Le Sénat a proposé en septembre dernier de faire évoluer le mode de désignation des présidents d’aire et des sénateurs vers un système électoral basé sur un corps de grands électeurs (chefs de clan, présidents des conseils, chefs, grands chefs) avec des candidatures approuvées par les familles, clans, tribus et districts. Ce processus serait-il plus à même de favoriser la nomination de femmes qui ne voteraient pas ?

Au sein de la société économique

Plus profonde encore est la réflexion sur la vie de la famille, en particulier dans les villes. « Désormais, pour avoir suffisamment d’argent, payer le courant, l’eau, à manger, la scolarité des enfants, les deux parents doivent travailler, ce qui a radicalement déstabilisé notre mode de vie », expose Hippolyte Sinewami-Htamumu. Conséquences : « personne à la maison, des parents fatigués le soir, une éducation qui en pâtit ».

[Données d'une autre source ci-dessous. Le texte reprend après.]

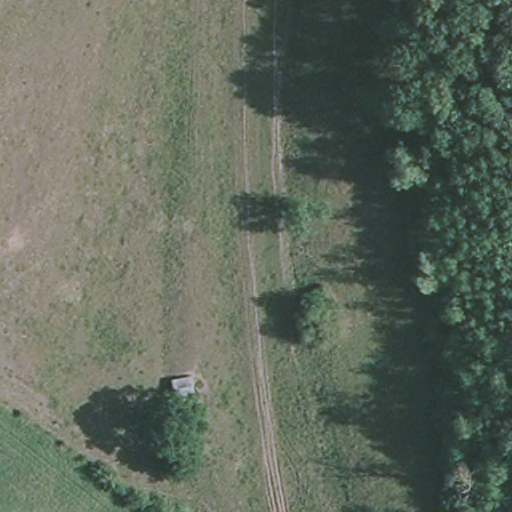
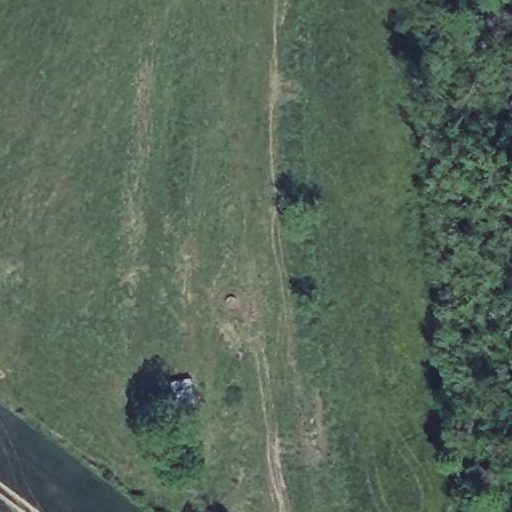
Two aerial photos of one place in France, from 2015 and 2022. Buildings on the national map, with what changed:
unchanged [(198,382),(201,410),(183,412),(178,386),(198,382)]

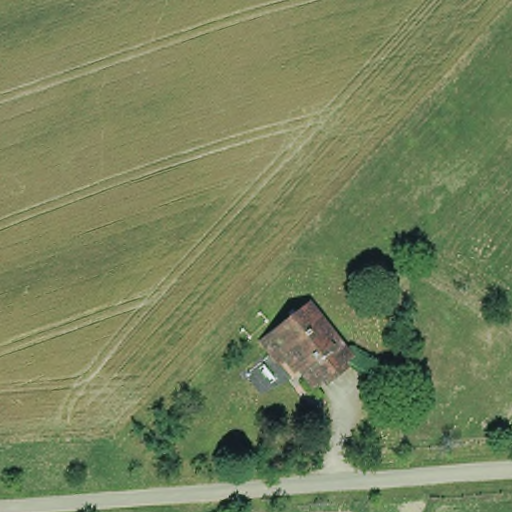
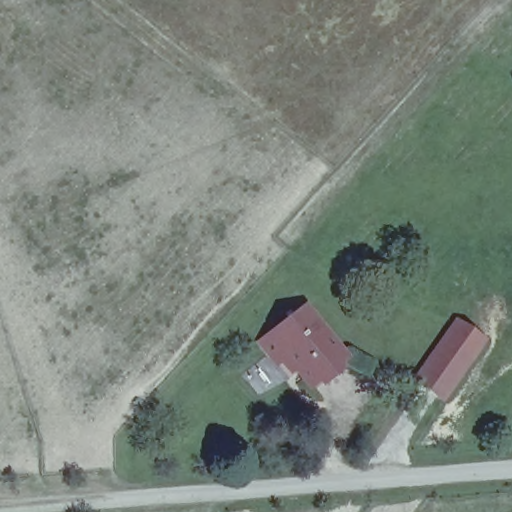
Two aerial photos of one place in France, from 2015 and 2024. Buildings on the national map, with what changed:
unchanged [(351,357),(372,363),(365,381),(352,379),(320,401),(296,368),(284,374),(262,346),(317,309),(351,357)]
new [(487,341),(444,404),(415,379),(457,321),(487,341)]

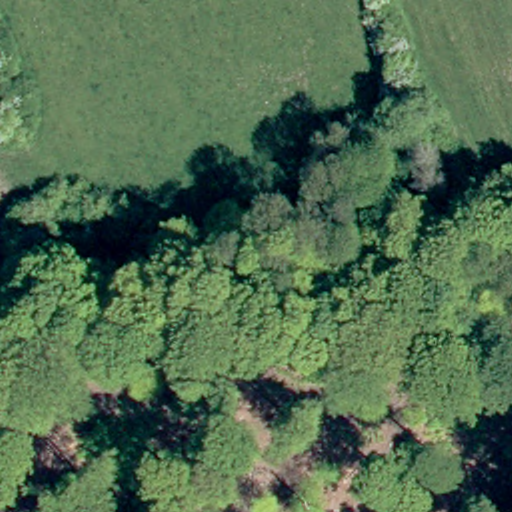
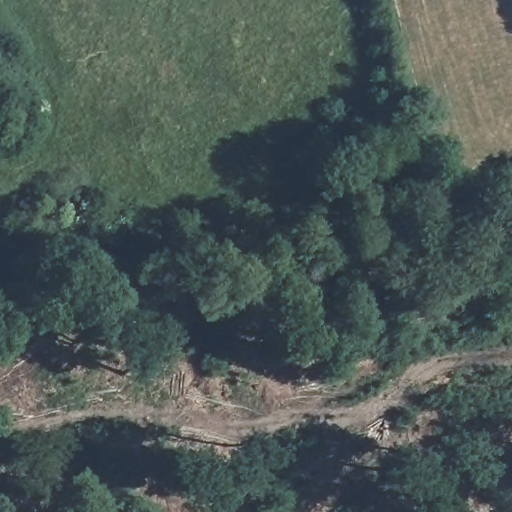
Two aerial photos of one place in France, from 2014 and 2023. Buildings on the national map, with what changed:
[]

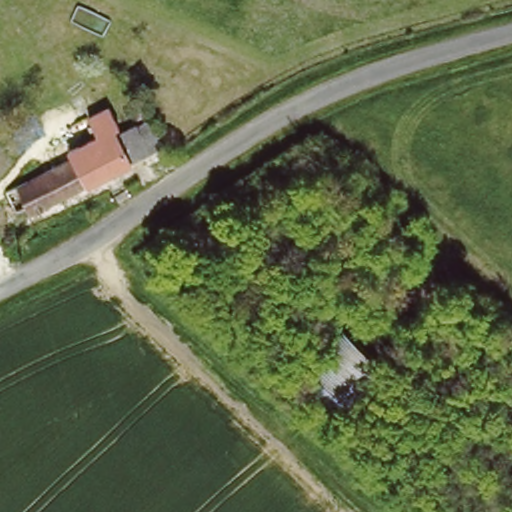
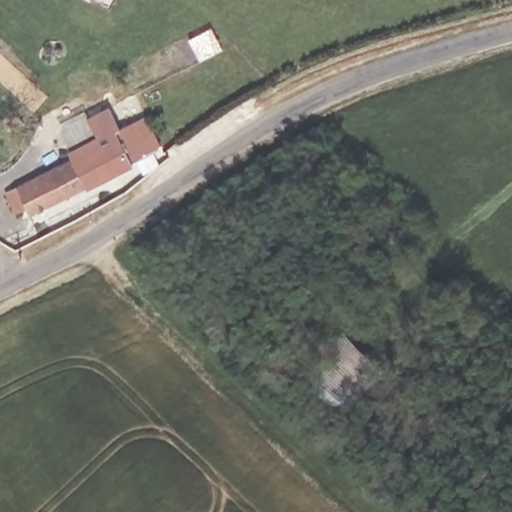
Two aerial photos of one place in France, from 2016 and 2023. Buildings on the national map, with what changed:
unchanged [(118,125),(143,113),(162,150),(116,173),(119,180),(109,185),(106,178),(29,217),(25,209),(16,214),(6,195),(75,160),(71,155),(101,139),(91,120),(110,110),(118,125)]
unchanged [(386,370),(352,408),(307,368),(341,330),(386,370)]

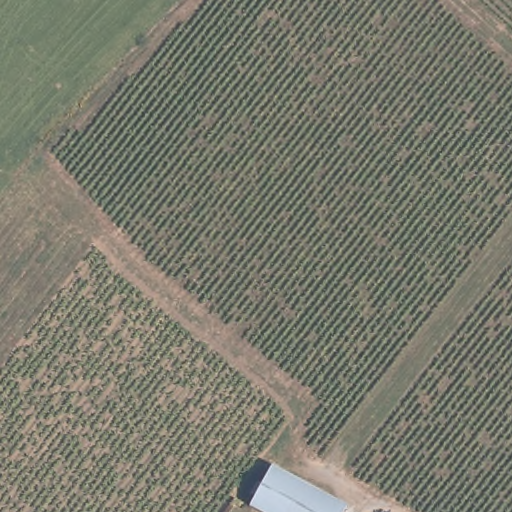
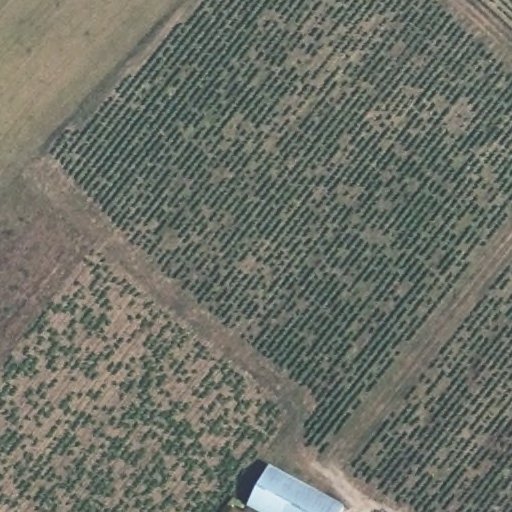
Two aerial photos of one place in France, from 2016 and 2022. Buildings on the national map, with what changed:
unchanged [(251,502),(274,470),(347,507),(344,512),(269,512),(251,502)]

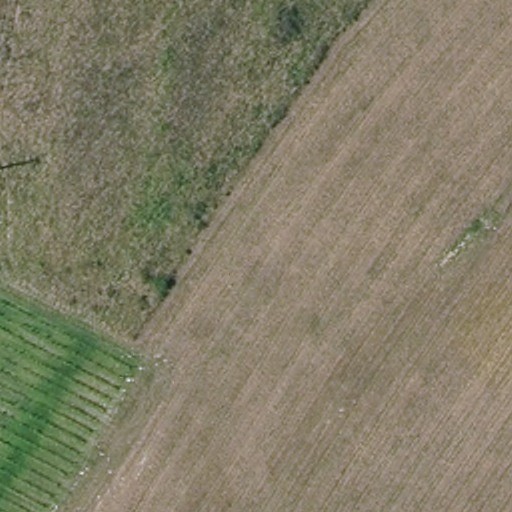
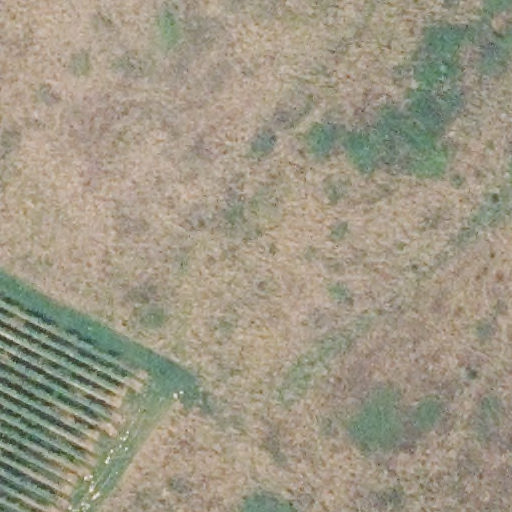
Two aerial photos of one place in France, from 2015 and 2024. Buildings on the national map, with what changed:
[]

D’après le sénateur, l’émancipation de la femme dans le monde du travail est soutenue. « Son mari et son clan l’accompagnent. C’est une fierté quand quelqu’un réussit. » Mais plusieurs questions se posent. « On a pris la responsabilité d’accompagner nos femmes dans le monde du travail, et pourquoi celui-ci ne favorise-t-il pas les femmes ? Pourquoi il y a des écarts de salaire ? On retourne la question ! » Idem pour la jeunesse formée à l’extérieur qui « ne trouve pas de travail ».

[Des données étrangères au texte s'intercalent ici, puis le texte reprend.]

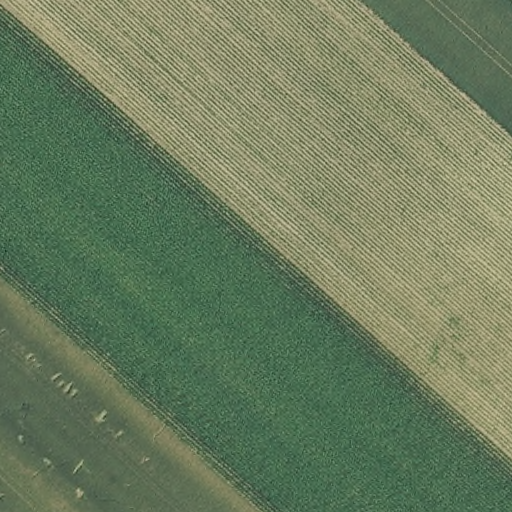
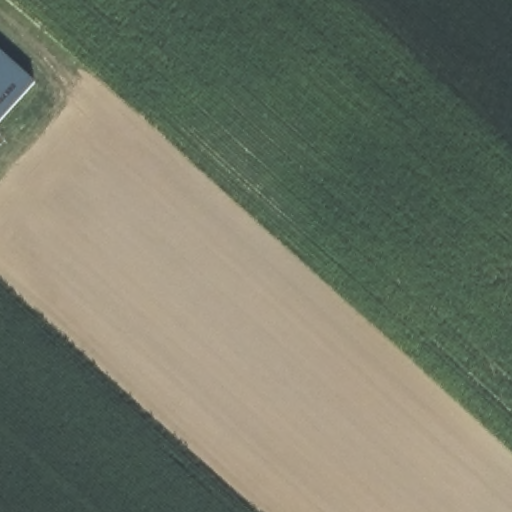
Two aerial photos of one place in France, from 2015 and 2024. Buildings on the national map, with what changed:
new [(0,121),(0,46),(38,80),(0,121)]

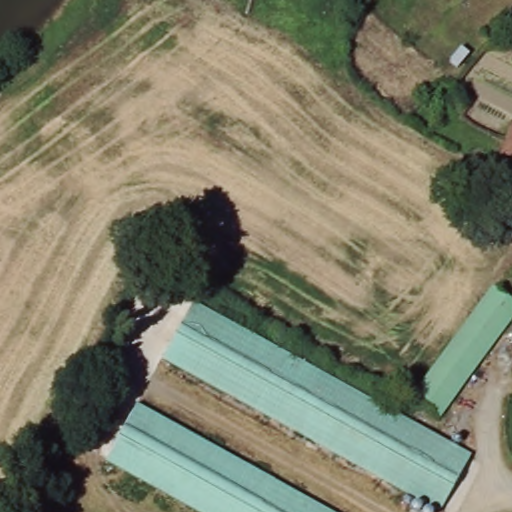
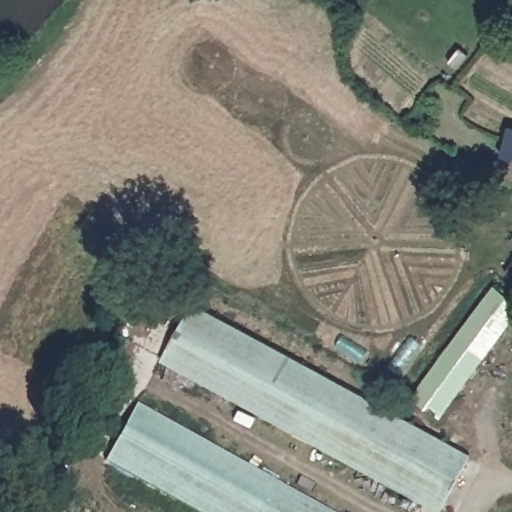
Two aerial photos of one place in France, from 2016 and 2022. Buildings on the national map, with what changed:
unchanged [(509,144),(512,132),(512,163),(506,161),(509,144)]
unchanged [(494,287),(512,300),(512,320),(443,414),(414,394),(494,287)]
unchanged [(474,451),(445,502),(166,350),(192,298),(474,451)]
unchanged [(326,512),(202,512),(104,459),(133,408),(326,512)]

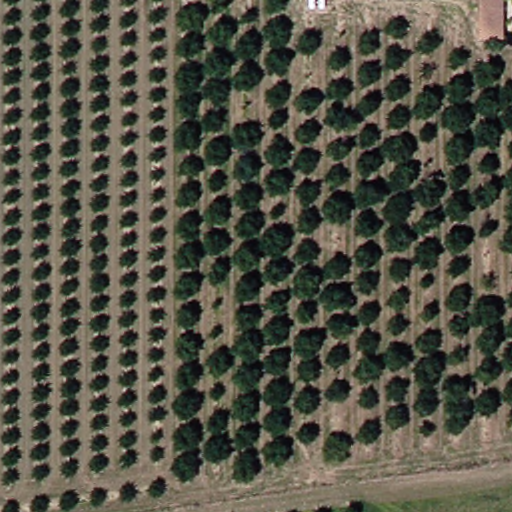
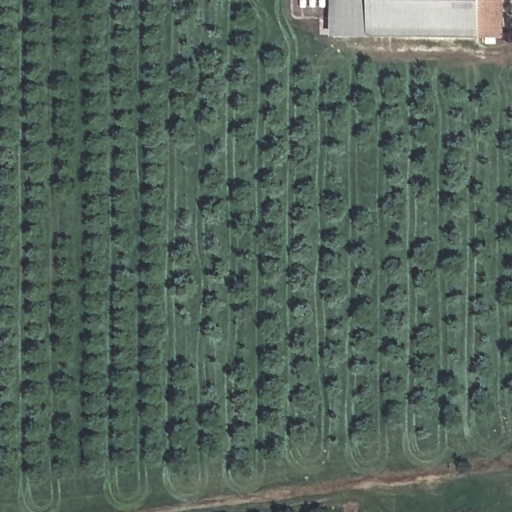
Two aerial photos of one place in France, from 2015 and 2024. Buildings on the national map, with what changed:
new [(371,37),(332,37),(329,0),(472,0),(472,40),(371,37)]
unchanged [(472,40),(472,0),(499,0),(499,40),(472,40)]

Pour lutter contre ce « déséquilibre » au sein des familles, le sénateur a émis une idée : le travail pour l’un des parents – l’homme ou la femme –, la maison et les enfants pour l’autre avec un « petit revenu ». Des pensées « décoloniales » et non pas indépendantistes. « Vous nous avez amenés un système. Et on a ce constat : voilà ce qu’on faisait, voilà ce qu’on a perdu. » La volonté est d’« interpeller pour que l’on puisse revenir à l’essentiel » et, sur ce sujet également, la réflexion « doit être portée d’en bas ».

Chloé Maingourd

Violences et gestion de la libération de la parole

La coutume condamne fermement toutes les violences faites aux femmes. « Elles sont divinités, sources de vie : pourquoi on va aller les violenter ? », interroge le sénateur Sinewami. Il explique qu’avec la libération de la parole, les chefferies doivent s’adapter. « D’un coup, on a toutes ces informations que l’on n’avait pas. Il faut apprendre à canaliser tout cela parce que c’est la souffrance qui se révèle et nous on est là pour les accompagner. Ce sont nos familles, des personnes avec qui on travaille. C’est aussi cela la complexité. » L’une des difficultés est l’éloignement ou non du conjoint violent avec la coexistence des deux droits.